> **Task prompt**: Among the entries below, find all lines that include "clipPath" and copy them.

> **Records provided**:
=====

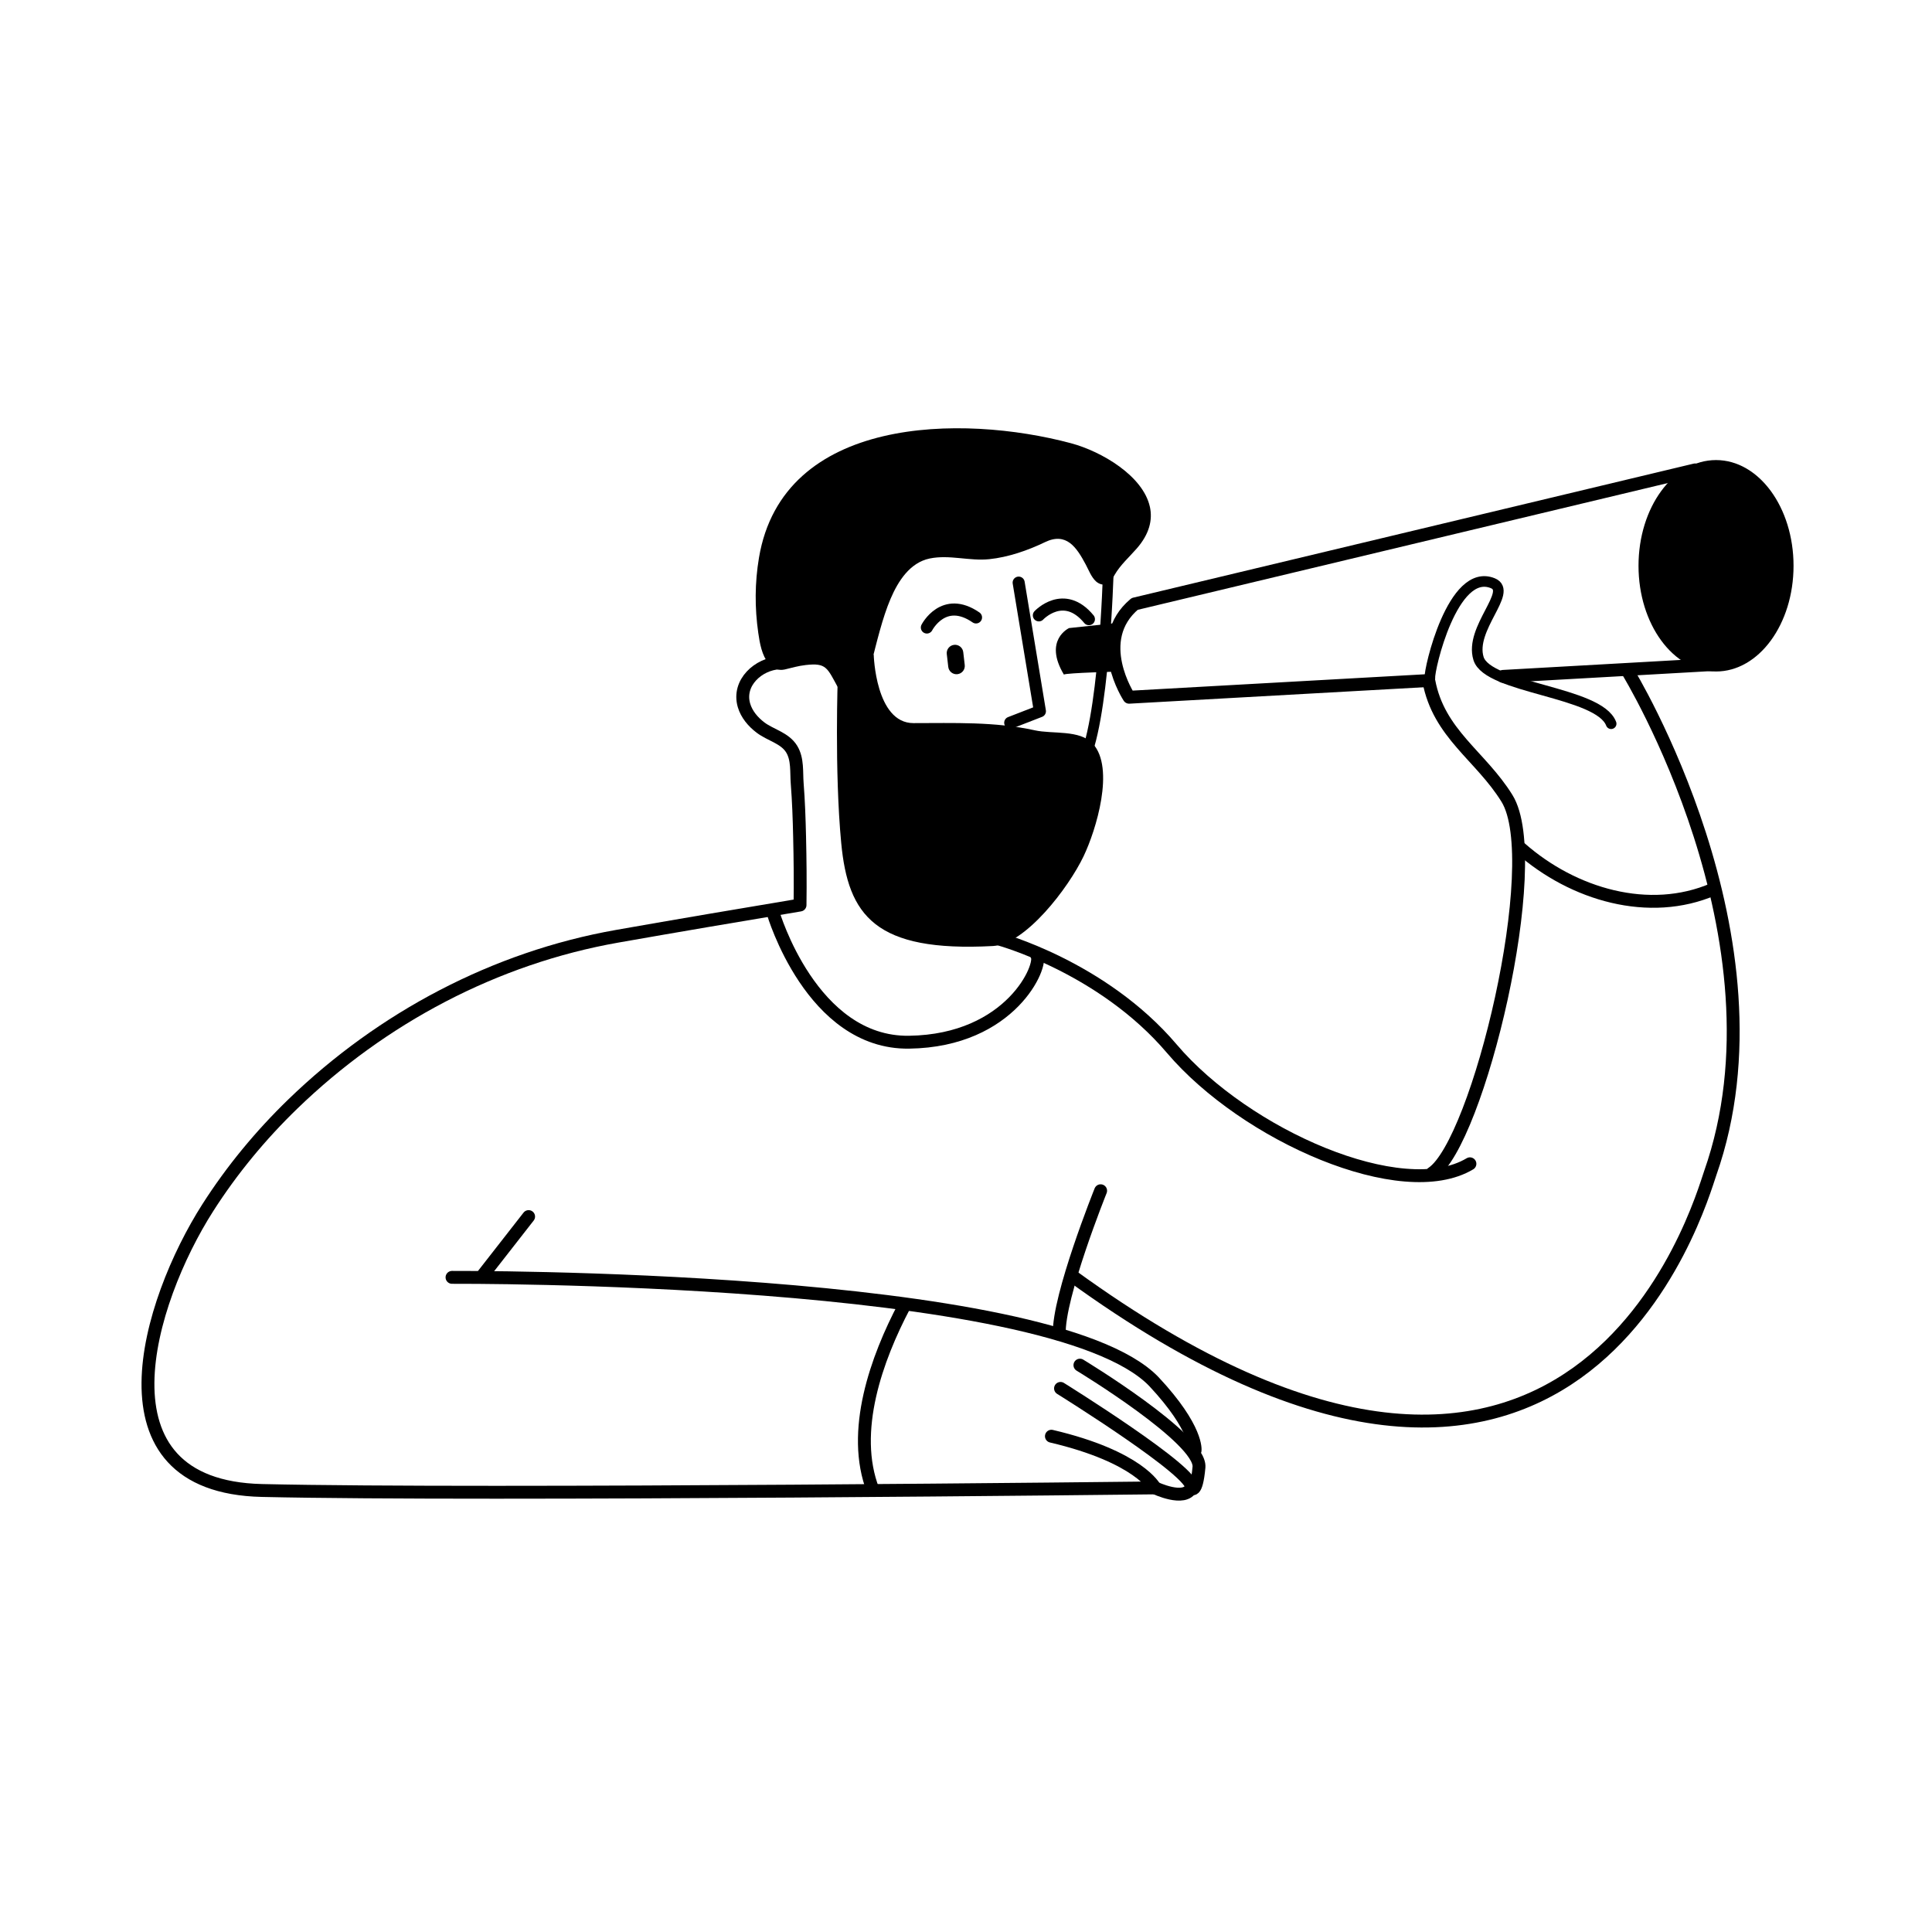 <svg xmlns="http://www.w3.org/2000/svg" width="600.0" height="600.0" viewBox="0.0 0.0 600.0 600.0" fill="none">
<g clip-path="url(#clip0_1198_636)">
<path d="M313.734 224.453L322.953 220.876L316.356 180.941" stroke="black" stroke-width="3.75" stroke-linecap="round" stroke-linejoin="round" />
<path d="M303.112 191.75C293.019 184.783 287.846 194.876 287.846 194.876" stroke="black" stroke-width="3.75" stroke-linecap="round" stroke-linejoin="round" />
<path d="M338.17 192.289C330.375 182.823 322.629 191.104 322.629 191.104" stroke="black" stroke-width="3.75" stroke-linecap="round" stroke-linejoin="round" />
<path d="M299.146 202.52C298.979 201.109 297.702 200.1 296.289 200.266C294.875 200.433 293.864 201.707 294.031 203.118L294.492 207.117C294.659 208.528 295.935 209.537 297.349 209.37C298.763 209.204 299.774 207.93 299.607 206.519L299.146 202.52Z" fill="black" />
<path d="M357.108 157.412C355.007 147.808 342.175 140.213 332.584 137.645C298.782 128.61 243.127 129.08 235.705 173.209C234.399 181 234.37 188.752 235.489 196.562C235.951 199.776 236.599 203.54 238.719 206.117C239.956 207.616 241.802 208.361 243.716 207.91C245.935 207.381 247.908 206.793 250.235 206.529C256.675 205.803 256.862 207.352 260.357 213.722C260.848 214.613 262.124 229.705 263.577 226.961C269.615 215.525 271.529 197.777 276.575 185.959C278.922 180.461 282.593 174.708 288.739 173.444C294.865 172.19 301.05 174.297 307.206 173.66C313.106 173.052 319.202 170.945 324.514 168.378C331.18 165.153 334.351 169.995 337.188 175.316C338.101 177.021 338.886 179.167 340.32 180.51C341.223 181.353 342.568 181.833 343.717 181.382C344.914 180.902 345.523 179.618 346.171 178.501C347.948 175.424 350.677 173.033 353.014 170.357C356.98 165.83 357.991 161.429 357.108 157.392V157.412Z" fill="black" />
<path d="M339.397 230.989C335.322 226.53 326.997 228.049 321.313 226.795C308.962 224.08 296.219 224.57 283.673 224.57C271.882 224.57 271.342 203.304 271.342 203.304L260.199 209.792C260.199 209.792 259.11 239.368 261.25 261.829C263.39 284.3 271.715 295.756 308.354 293.796C318.505 293.257 331.857 275.676 336.51 265.935C340.408 257.801 346.308 238.535 339.397 230.979V230.989Z" fill="black" />
<path d="M242.135 205.843C235.577 206.146 229.009 212.016 231.041 219.023C231.856 221.826 233.849 224.178 236.176 225.942C239.308 228.314 243.755 229.166 245.875 232.665C247.78 235.801 247.299 239.78 247.574 243.278C248.006 248.766 248.192 254.274 248.32 259.771C248.487 266.866 248.565 273.971 248.457 281.066C229.51 284.232 210.562 287.436 191.644 290.768C153.758 297.452 118.592 316.101 90.986 342.816C80.972 352.508 72.028 363.317 64.528 375.067C45.953 404.153 27.958 461.659 81.355 462.884C151.284 464.491 358.678 462.08 358.678 462.08C358.678 462.08 353.857 452.447 326.526 446.028" stroke="black" stroke-width="4" stroke-linecap="round" stroke-linejoin="round" />
<path d="M345.817 193.583L332.014 195.053C332.014 195.053 323.963 198.738 330.403 209.498C330.943 208.959 348.183 208.538 348.183 208.538L345.807 193.583H345.817Z" fill="black" />
<path d="M443.343 211.36C397.368 213.937 350.657 216.534 350.657 216.534C350.657 216.534 338.984 198.787 352.385 187.556L526.418 145.936C526.418 145.936 520.528 157.167 518.378 165.193C516.228 173.219 516.238 197.287 531.779 206.382C532.211 206.382 502.375 208.057 466.797 210.056" stroke="black" stroke-width="4" stroke-linecap="round" stroke-linejoin="round" />
<path d="M443.736 211.477C446.79 227.892 459.827 234.723 468.005 247.943C480.149 267.572 458.993 354.977 444.718 364.356" stroke="black" stroke-width="4" stroke-linecap="round" stroke-linejoin="round" />
<path d="M505.528 208.518C505.528 208.518 556.647 291.836 531.122 364.356C528.019 373.166 489.987 510.217 332.977 396.274" stroke="black" stroke-width="4" stroke-linecap="round" stroke-linejoin="round" />
<path d="M532.928 208.538C546.223 208.538 557 193.839 557 175.708C557 157.577 546.223 142.878 532.928 142.878C519.633 142.878 508.855 157.577 508.855 175.708C508.855 193.839 519.633 208.538 532.928 208.538Z" fill="black" />
<path d="M329.354 431.181C329.354 431.181 371.961 457.66 369.949 462.07C367.936 466.48 358.698 462.07 358.698 462.07" stroke="black" stroke-width="4" stroke-linecap="round" stroke-linejoin="round" />
<path d="M335.381 423.958C335.381 423.958 373.158 446.831 372.353 455.651C371.548 464.481 369.938 462.07 369.938 462.07" stroke="black" stroke-width="4" stroke-linecap="round" stroke-linejoin="round" />
<path d="M140.378 396.695C140.378 396.695 326.173 395.735 358.325 429.035C372.069 443.735 371.146 450.438 371.146 450.438" stroke="black" stroke-width="4" stroke-linecap="round" stroke-linejoin="round" />
<path d="M271.156 462.874C264.009 444.577 272.295 421.754 280.856 405.515" stroke="black" stroke-width="4" stroke-linecap="round" stroke-linejoin="round" />
<path d="M164.166 377.821L150.195 395.715" stroke="black" stroke-width="4" stroke-linecap="round" stroke-linejoin="round" />
<path d="M341.812 369.795C341.812 369.795 328.568 402.703 328.971 414.335" stroke="black" stroke-width="4" stroke-linecap="round" stroke-linejoin="round" />
<path d="M240.123 283.546C240.123 283.546 252.012 324.107 282.328 323.666C314.146 323.206 324.013 299.549 322 296.746" stroke="black" stroke-width="4" stroke-linecap="round" stroke-linejoin="round" />
<path d="M312.065 281.272L310.053 291.572C310.053 291.572 342.254 300.186 363.911 325.675C386.796 352.606 435.49 373.999 456.499 361.425" stroke="black" stroke-width="4" stroke-linecap="round" stroke-linejoin="round" />
<path d="M472.207 263.417C488.592 277.862 512.233 284.741 532.093 276.157" stroke="black" stroke-width="4" stroke-linecap="round" stroke-linejoin="round" />
<path d="M344.187 177.668C344.187 177.668 342.881 225.629 335.921 237.398" stroke="black" stroke-width="3.3" stroke-linecap="round" stroke-linejoin="round" />
<path d="M444.07 210.488C443.746 208.106 451.129 176.021 463.616 181.127C469.968 183.724 456.283 195.17 459.169 204.5C462.055 213.829 496.564 214.741 500.353 224.756" stroke="black" stroke-width="3.3" stroke-linecap="round" stroke-linejoin="round" />
</g>
<defs>
<clipPath id="clip0_1198_636">
<rect width="513" height="333" fill="white" transform="translate(44 133)" />
</clipPath>
</defs>
</svg>

=====

> **Answer to this exercise**:
<clipPath id="clip0_1198_636">
</clipPath>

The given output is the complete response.